RALLYE

  • Motorline auf Facebook
  • Motorline auf Twitter
WRC: Wales-Rallye

Rallye-„Weh-M“ – ein Finale mit PR-Schmerzen

Immerhin kehrt die angeschlagene WM nach Wales zurück. Immerhin sorgt Kubica im WRC für Pfeffer. Und: Daumendrücken für Ilka Minor/Evgeny Novikov.

Michael Noir Trawniczek
Fotos: Photo4, minor.at

Immerhin wird das Finale der Rallye-Weltmeisterschaft wieder in Wales abgehalten – diese großartige Schluss-Rallye im September abzuhalten, war quasi der „Abschieds-Lapsus“ der vormals Verantwortlichen. Jener Leute also, die ohne mit der Wimper zu zucken eine Rallye Monte Carlo in die Arme der seligen IRC getrieben haben…

Am kommenden Wochenende können wir auf das erste WRC-Jahr unter der Patronanz unseres allgegenwärtigen Energiegetränkeherstellers zurückblicken – doch die Bilanz ist schmerzhaft: Nichts hat sich verbessert.

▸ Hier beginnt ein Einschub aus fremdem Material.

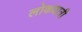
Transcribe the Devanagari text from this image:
लोकयात्री
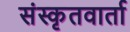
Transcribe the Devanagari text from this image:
संस्कृतवार्ता
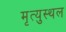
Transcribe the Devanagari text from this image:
मृत्युस्थल
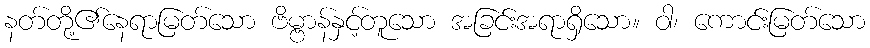
နတ်တို့၏နေရာမြတ်သော ဗိမ္ဗာန်နှင့်တူသော အခြင်းအရာရှိသော။ ဝါ၊ ကောင်းမြတ်သော
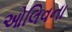
ઓલિવના
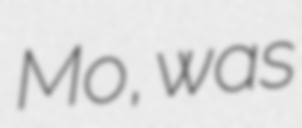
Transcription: Mo, was
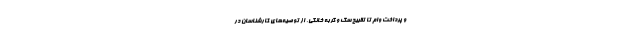
و پرداخت وام تا تقبیح سگ و گربه خانگی، از توصیه‌های کارشناسان در
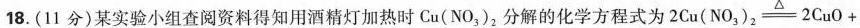
18. (11分)某实验小组查阅资料得知用酒精灯加热时Cu(NO_{3})_{2}分解的化学方程式为 $$2 C u (NO_{3})_{2} \xlongequal [ ] { △} 2 C u O +
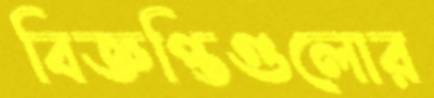
বিজ্ঞপ্তিগুলোর
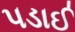
પડાઈ
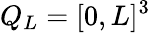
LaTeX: Q_{L}=[0,L]^{3}
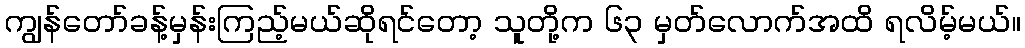
ကျွန်တော်ခန့်မှန်းကြည့်မယ်ဆိုရင်တော့ သူတို့က ၆၃ မှတ်လောက်အထိ ရလိမ့်မယ်။
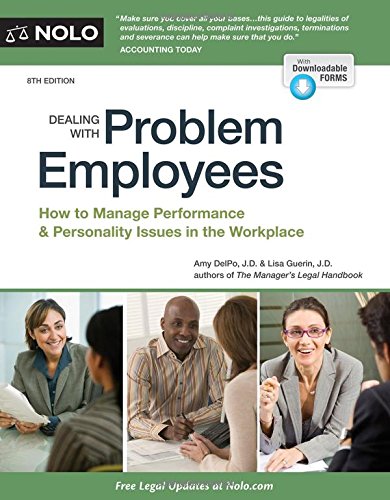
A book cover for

Schlimmer wurde es – wie sonst erklärt sich dieser unmögliche Akt der Verzweiflung, dass man ernsthaft in Erwägung zieht, den Sieg künftig nach drei oder vier Rallyetagen in einer einzigen, vom TV übertragenen Sonderprüfung zu vergeben und damit dem Geist des Rallyesports einen kräftigen Tritt in den Allerwertesten zu verpassen?

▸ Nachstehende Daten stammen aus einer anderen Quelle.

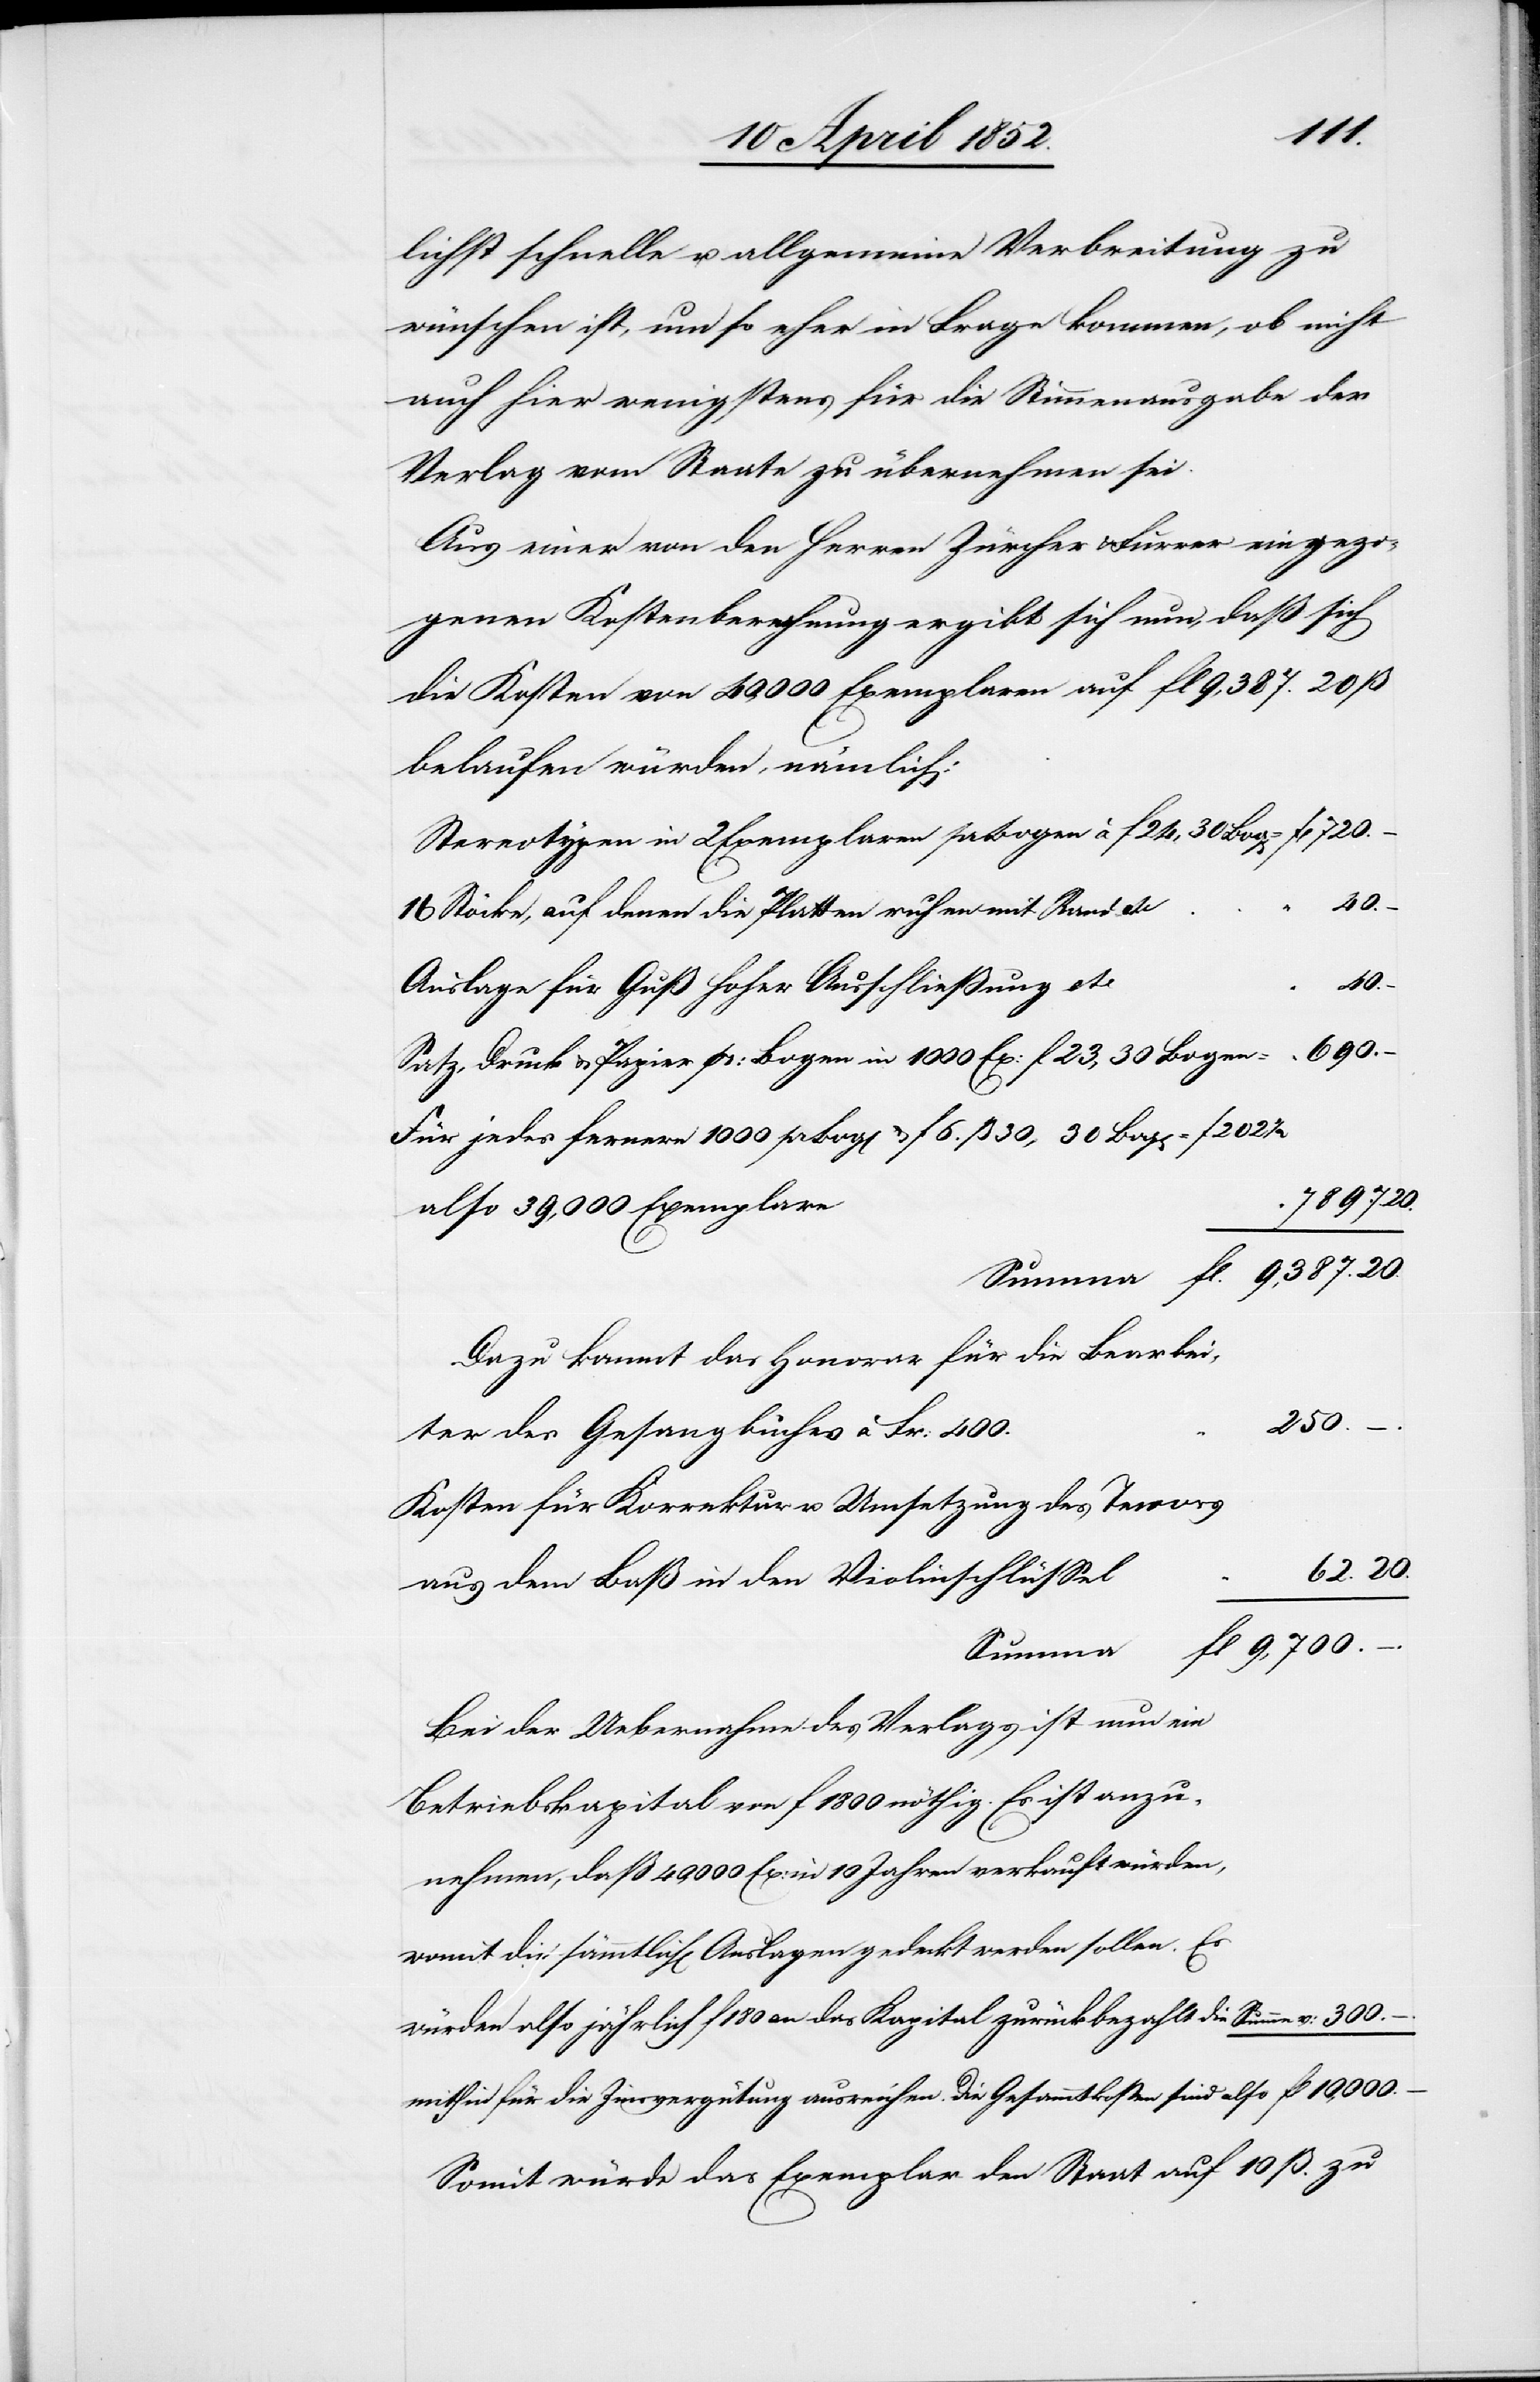
fl.
lichst schnelle u. allgemeine Verbreitung zu
wünschen ist, um so eher in Frage kommen, ob nicht
auch hier wenigstens für die Stimmenausgabe der
Verlag vom Staate zu übernehmen sei.
Aus einer von den Herren Zürcher & Furrer eingezo¬
genen Kostenberechnung ergibt sich nun, daß sich
die Kosten von 40,000 Exemplaren auf fl 9,387. 20 ß
belaufen würden, nämlich:
Stereotypen in 2 Exemplaren pr Bogen à f 24, 30 Bog[en]
720.
16 Stöcke, auf denen die Platten ruhen mit Rand etc
690.
Auslage für Guß hoher Ausschließung etc.
Satz, Druck & Papier pr: Bogen in 1000 Ex: f 23, 30 Bogen =
Für jedes fernere 1000 pr Bog[en] & f 6. ß 30, 30 Bog[en]
7897. 20.
also 39,000 Exemplare
9,387. 20.
Dazu kommt das Honorar für die Bearbei¬
300.
ter des Gesangbuches a Fr: 400.
Kosten für Korrektur u. Umsetzung des Tenors
62. 20.
aus dem Baß in den Violinschlüssel
fl 10,000.
Summe
Bei der Uebernahme des Verlags ist nun ein
Betriebskapital von f 1800 nöthig. Es ist anzu¬
nehmen, daß 40,000 Ex: in 10 Jahren verkauft würden,
womit die sämmtlich[en] Auslagen gedeckt werden sollen. Es
würden also jährlich f 180 an das Kapital zurückbezahlt die
mithin für die Zinsvergütung ausreichen. Die Gesammtkosten sind also
Somit würde das Exemplar den Staat auf 10 ß. zu

Da man nicht ausschließen kann, dass ein Jean Todt oder eine Michele Mouton diese lieblose Idee tatsächlich Realität werden lassen, findet also in Wales vielleicht die letzte echte WM-Rallye statt. Natürlich leidet der Sport unter der Überlegenheit des Gespanns Sebastien Ogier/Volkswagen, so wie er zehn Jahre davor unter der Dominanz des Gespanns Sebastien Loeb/Citroen gelitten hat. Während der allgegenwärtige Konzern aus Fuschl bei letzterem quasi auf den bereits dahinrasenden Zug aufgesprungen ist, war man bei VW von Beginn an mit an Bord. Im Gegensatz zur Formel 1 muss man in der WRC jedoch die finanziell unterstützten Seriensiege auch als Promotor der Serie vermarkten – und das ist keine leichte Aufgabe…

Seriensiege verkaufen sich nicht – schon gar nicht, wenn der große Dominator sogar optisch wie der ausgebleichte Klon seines phlegmatischen Vorgängers wirkt und so rein gar keine Ecken und Kanten aufweisen kann…

Kubica als großes Fragezeichen

Wie auch immer: In Wales ist ohnehin bereits alles entschieden. Wahrscheinlich würde kein Rallye-Hahn nach dem „Grande Finale“ krähen, wäre da nicht einer der wenigen echten Stars der Gegenwart zum ersten Mal in einem World Rally Car am Start: Robert Kubica erhält für seinen vorzeitig errungenen Weltmeistertitel in der WRC-2 von Citroen ein DS3 WRC zur Verfügung gestellt.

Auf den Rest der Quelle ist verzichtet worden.